### EXERCISE DETAILS
What's needed is a word-for-word retyping of the entries below, pictures omitted.

### PROVIDED DATA
---------------
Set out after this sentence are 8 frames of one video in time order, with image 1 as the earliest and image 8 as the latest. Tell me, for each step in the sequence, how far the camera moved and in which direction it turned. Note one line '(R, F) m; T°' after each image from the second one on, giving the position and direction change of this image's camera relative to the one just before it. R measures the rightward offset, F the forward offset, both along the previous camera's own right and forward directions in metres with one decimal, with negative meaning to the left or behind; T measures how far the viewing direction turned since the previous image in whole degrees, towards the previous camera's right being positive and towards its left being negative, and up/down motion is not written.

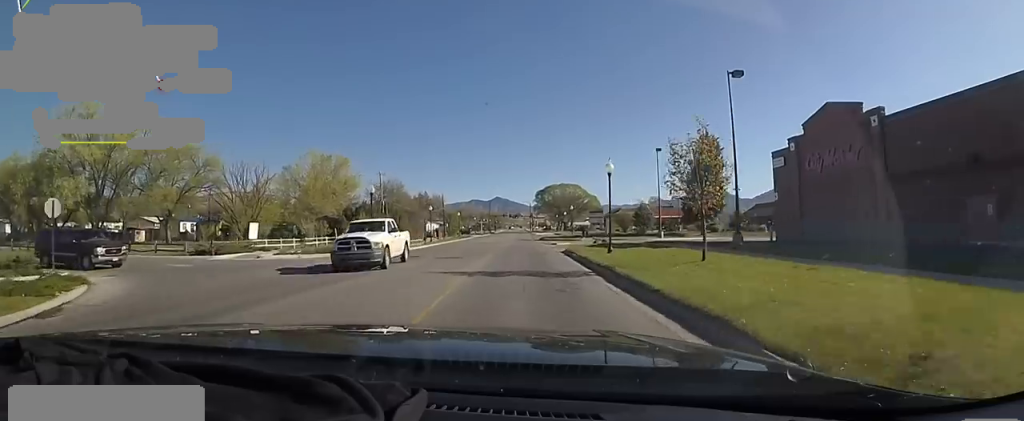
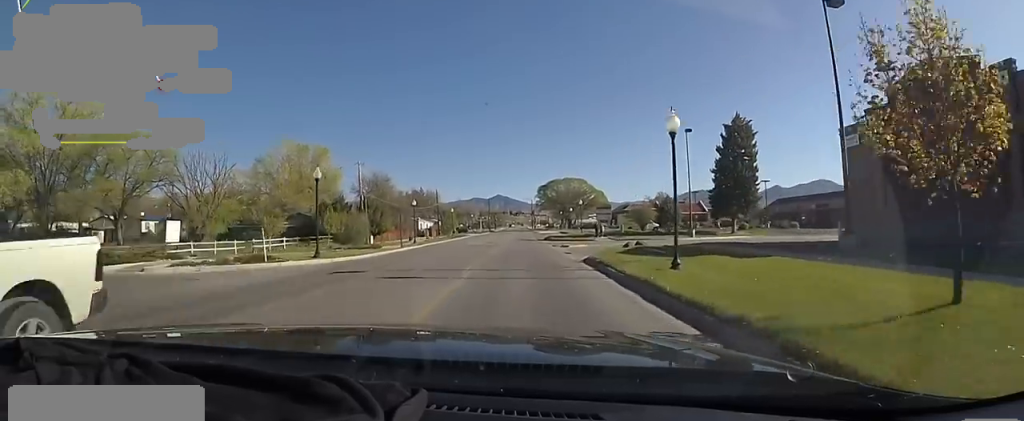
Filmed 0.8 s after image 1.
(0.0, +9.4) m; 0°
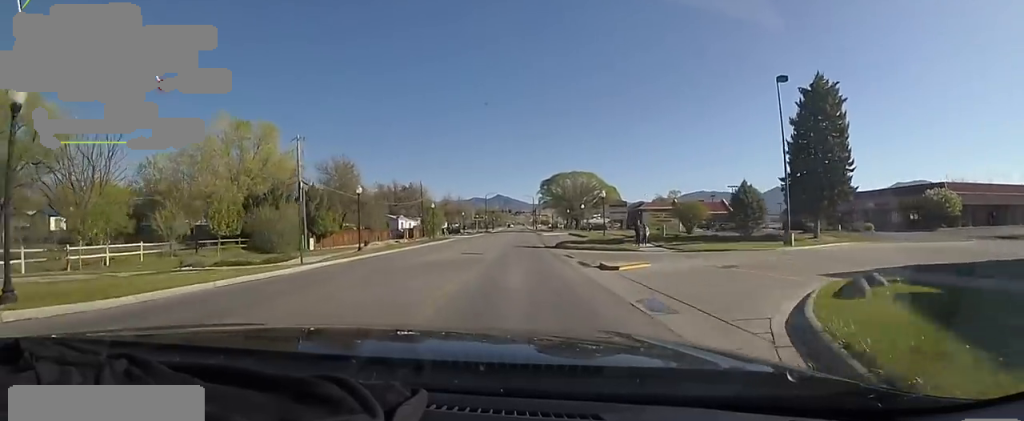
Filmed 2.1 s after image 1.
(0.0, +16.5) m; 0°
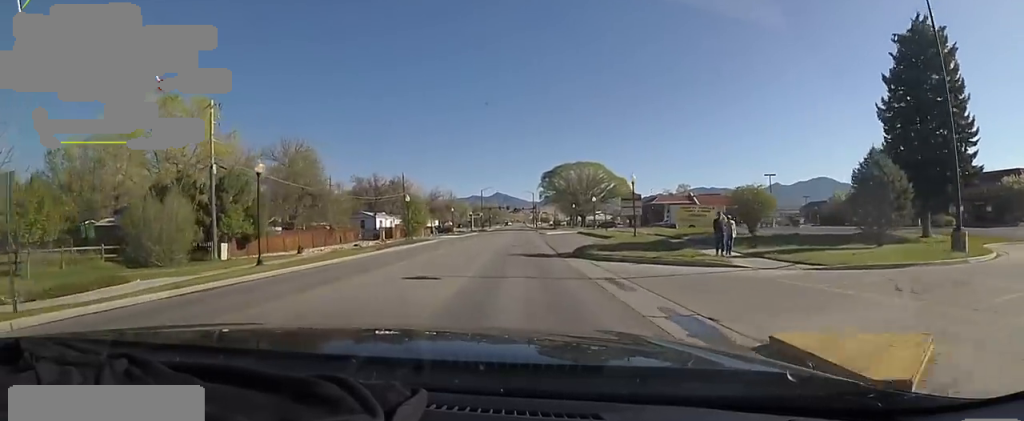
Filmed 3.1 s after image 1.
(0.0, +12.4) m; 0°
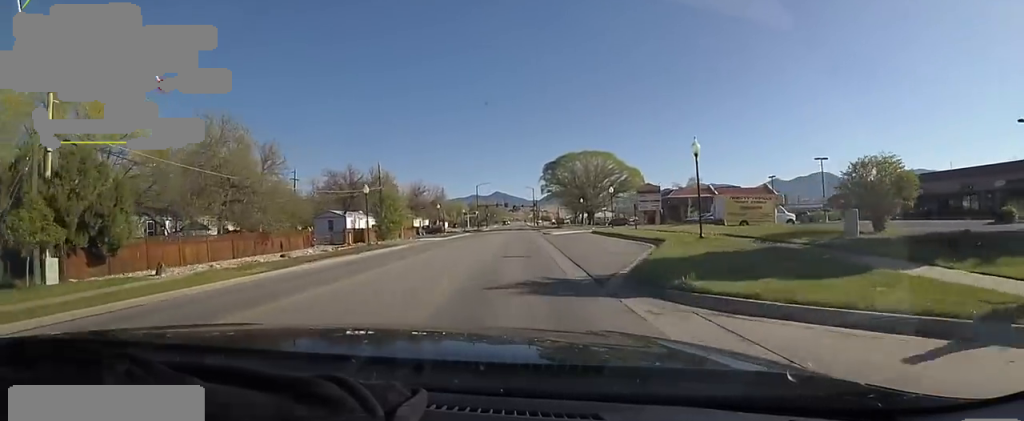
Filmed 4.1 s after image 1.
(0.0, +12.0) m; -4°
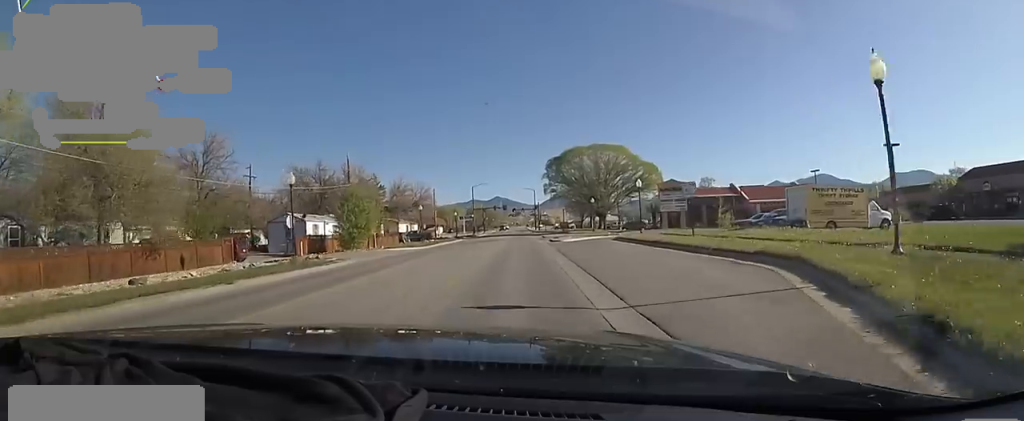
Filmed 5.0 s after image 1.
(-0.7, +11.1) m; -2°
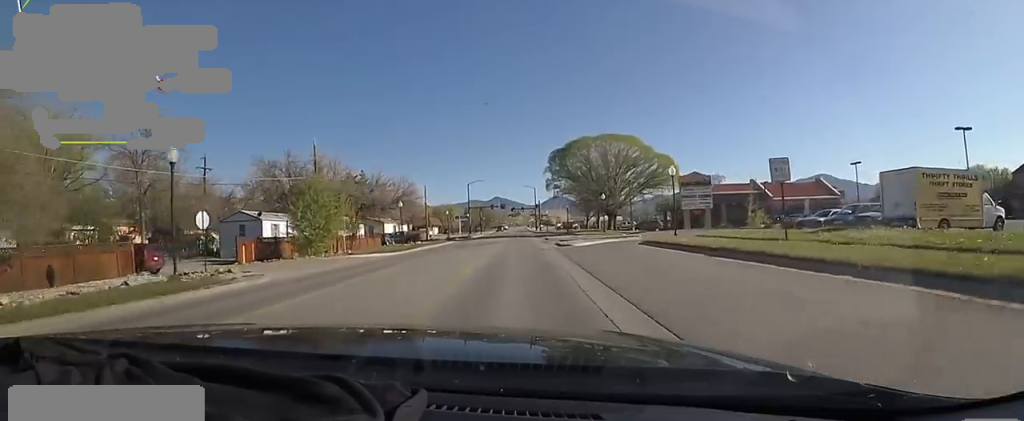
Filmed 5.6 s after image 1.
(-0.1, +8.3) m; +2°
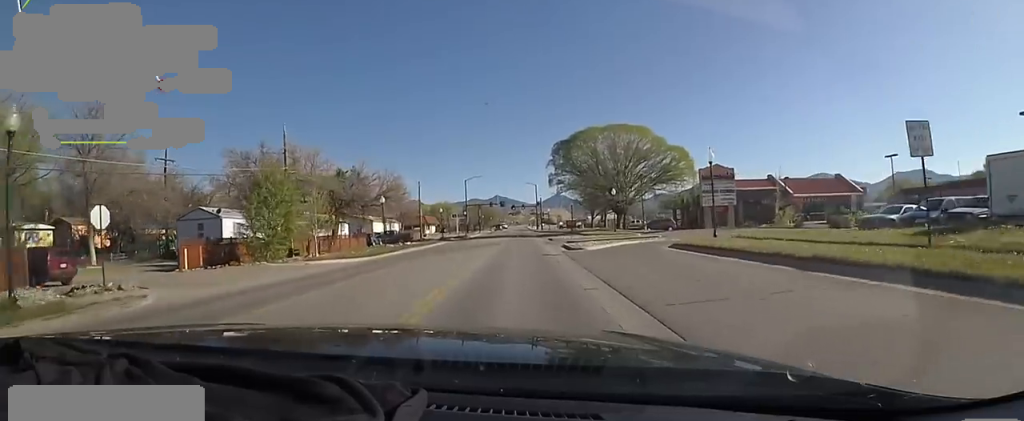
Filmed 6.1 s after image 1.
(+0.4, +5.8) m; +3°
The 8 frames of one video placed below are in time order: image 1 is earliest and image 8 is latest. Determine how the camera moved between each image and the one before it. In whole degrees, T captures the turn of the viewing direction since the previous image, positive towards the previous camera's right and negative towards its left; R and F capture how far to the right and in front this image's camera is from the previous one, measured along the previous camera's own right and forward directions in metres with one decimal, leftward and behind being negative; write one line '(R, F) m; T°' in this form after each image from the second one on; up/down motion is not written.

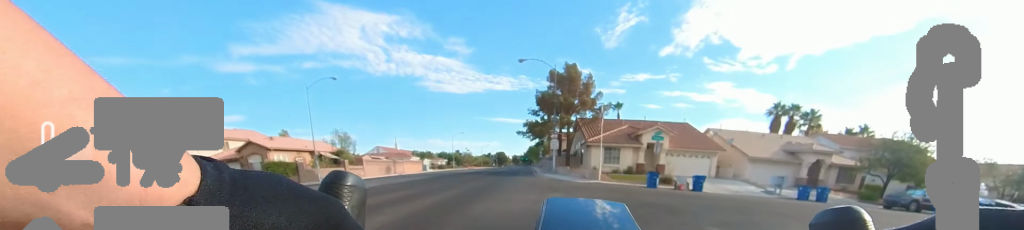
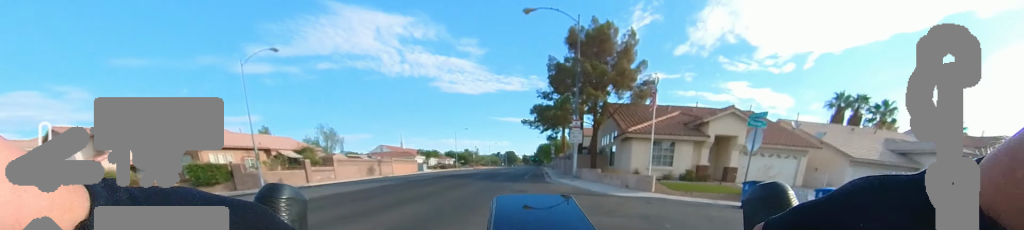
(0.0, +9.5) m; 0°
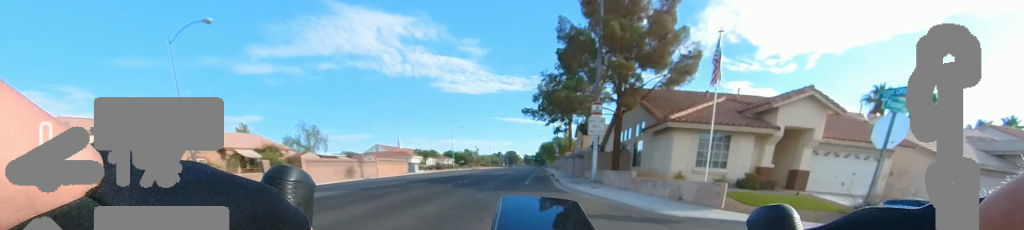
(0.0, +5.5) m; 0°
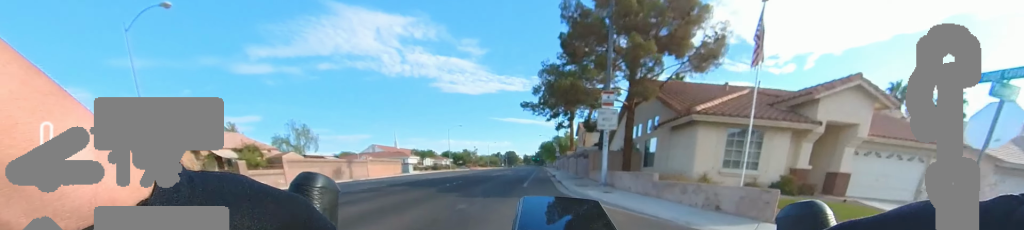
(0.0, +2.2) m; 0°
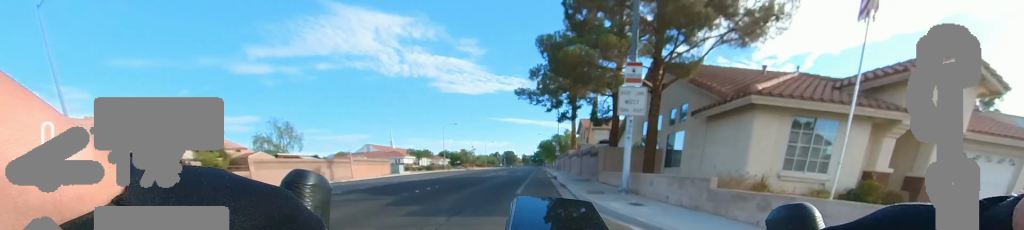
(0.0, +3.3) m; 0°
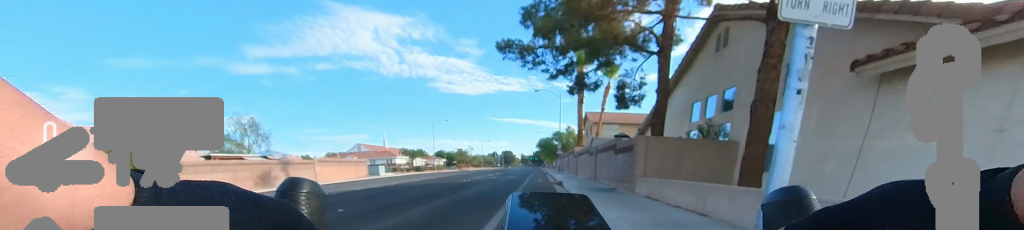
(0.0, +6.2) m; 0°
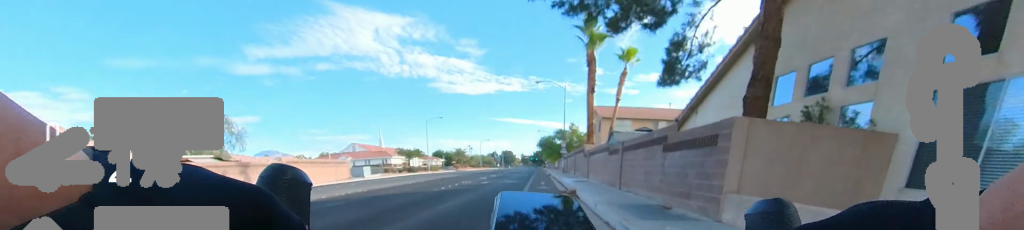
(0.0, +4.6) m; 0°
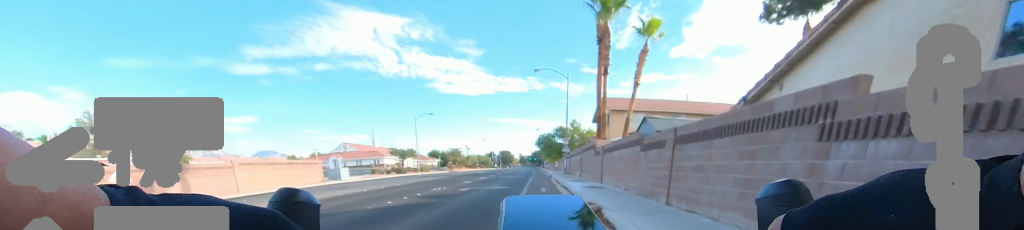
(0.0, +4.7) m; 0°
---------------
### SOLUTION TO THE PROBLEM
Set out after this sentence are 8 frames of one video in time order, with image 1 as the earliest and image 8 as the latest. Tell me, for each step in the sequence, how far the camera moved and in which direction it turned. Note one line '(R, F) m; T°' after each image from the second one on, giving the position and direction change of this image's camera relative to the one just before it. R measures the rightward offset, F the forward offset, both along the previous camera's own right and forward directions in metres with one decimal, with negative meaning to the left or behind; T measures how far the viewing direction turned since the previous image in whole degrees, towards the previous camera's right being positive and towards its left being negative, and up/down motion is not written.

Filmed 0.8 s after image 1.
(0.0, +9.4) m; 0°
Filmed 2.1 s after image 1.
(0.0, +16.5) m; 0°
Filmed 3.1 s after image 1.
(0.0, +12.4) m; 0°
Filmed 4.1 s after image 1.
(0.0, +12.0) m; -4°
Filmed 5.0 s after image 1.
(-0.7, +11.1) m; -2°
Filmed 5.6 s after image 1.
(-0.1, +8.3) m; +2°
Filmed 6.1 s after image 1.
(+0.4, +5.8) m; +3°
The 8 frames of one video placed below are in time order: image 1 is earliest and image 8 is latest. Determine how the camera moved between each image and the one before it. In whole degrees, T captures the turn of the viewing direction since the previous image, positive towards the previous camera's right and negative towards its left; R and F capture how far to the right and in front this image's camera is from the previous one, measured along the previous camera's own right and forward directions in metres with one decimal, leftward and behind being negative; write one line '(R, F) m; T°' in this form after each image from the second one on; up/down motion is not written.

(0.0, +9.5) m; 0°
(0.0, +5.5) m; 0°
(0.0, +2.2) m; 0°
(0.0, +3.3) m; 0°
(0.0, +6.2) m; 0°
(0.0, +4.6) m; 0°
(0.0, +4.7) m; 0°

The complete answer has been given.